• _TASK_
Repeat the records in full and exactly, omitting pictures.

• _SOURCE INFORMATION_
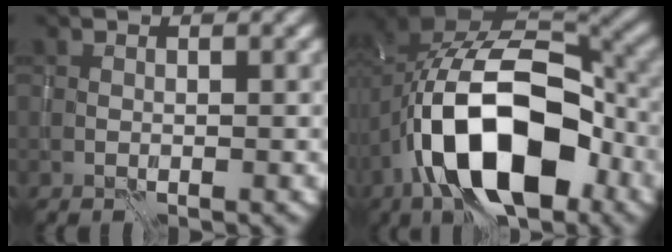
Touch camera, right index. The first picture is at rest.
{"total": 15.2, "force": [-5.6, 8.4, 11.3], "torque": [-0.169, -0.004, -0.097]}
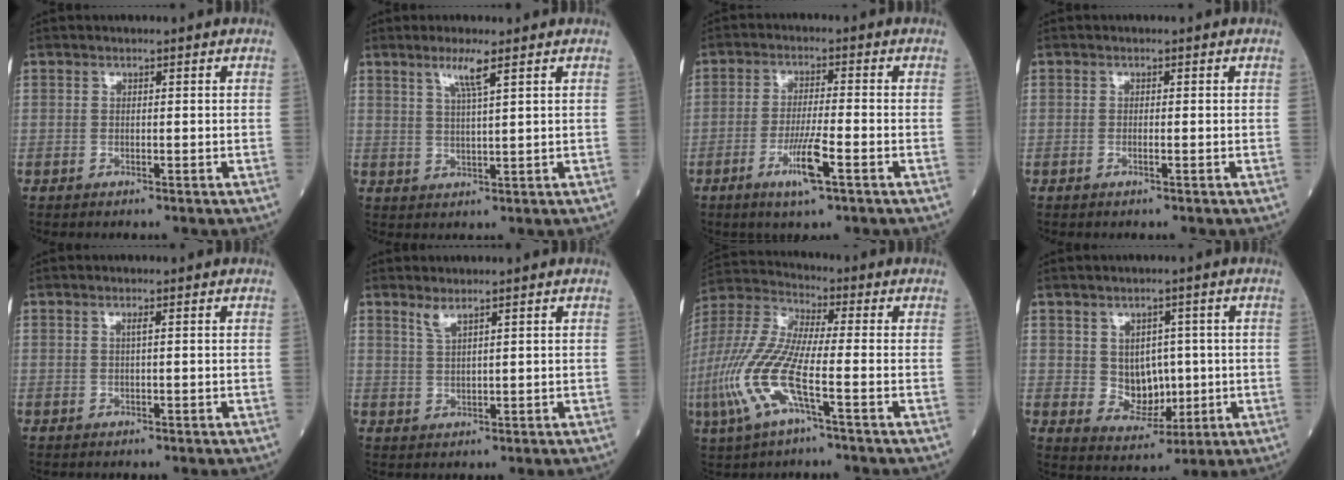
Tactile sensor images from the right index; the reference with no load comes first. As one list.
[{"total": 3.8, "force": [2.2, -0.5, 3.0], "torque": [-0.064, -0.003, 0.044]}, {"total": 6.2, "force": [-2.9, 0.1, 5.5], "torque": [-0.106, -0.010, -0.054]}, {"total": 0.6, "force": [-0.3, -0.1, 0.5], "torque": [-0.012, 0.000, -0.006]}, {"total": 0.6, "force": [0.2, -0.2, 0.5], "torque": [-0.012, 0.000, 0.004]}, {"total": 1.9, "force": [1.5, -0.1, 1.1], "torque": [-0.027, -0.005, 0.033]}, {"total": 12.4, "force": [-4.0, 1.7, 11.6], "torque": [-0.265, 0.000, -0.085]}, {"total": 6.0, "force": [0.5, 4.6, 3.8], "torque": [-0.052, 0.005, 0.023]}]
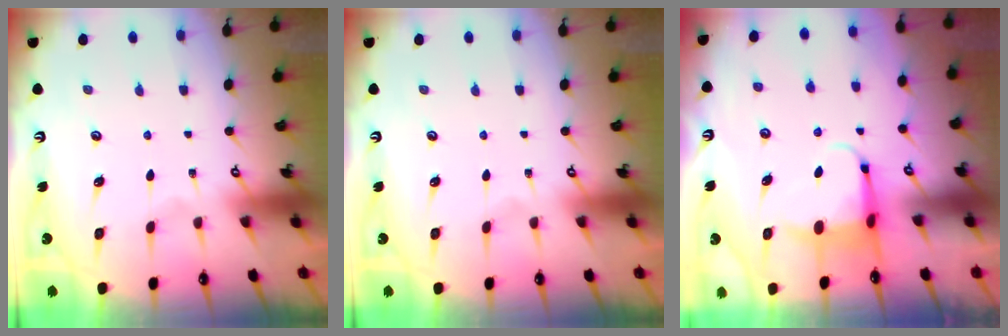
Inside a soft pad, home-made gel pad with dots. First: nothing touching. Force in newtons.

• _TASK ANSWER_
Touch camera, right index. The first picture is at rest.
{"total": 15.2, "force": [-5.6, 8.4, 11.3], "torque": [-0.169, -0.004, -0.097]}
Tactile sensor images from the right index; the reference with no load comes first. As one list.
[{"total": 3.8, "force": [2.2, -0.5, 3.0], "torque": [-0.064, -0.003, 0.044]}, {"total": 6.2, "force": [-2.9, 0.1, 5.5], "torque": [-0.106, -0.010, -0.054]}, {"total": 0.6, "force": [-0.3, -0.1, 0.5], "torque": [-0.012, 0.000, -0.006]}, {"total": 0.6, "force": [0.2, -0.2, 0.5], "torque": [-0.012, 0.000, 0.004]}, {"total": 1.9, "force": [1.5, -0.1, 1.1], "torque": [-0.027, -0.005, 0.033]}, {"total": 12.4, "force": [-4.0, 1.7, 11.6], "torque": [-0.265, 0.000, -0.085]}, {"total": 6.0, "force": [0.5, 4.6, 3.8], "torque": [-0.052, 0.005, 0.023]}]
Inside a soft pad, home-made gel pad with dots. First: nothing touching. Force in newtons.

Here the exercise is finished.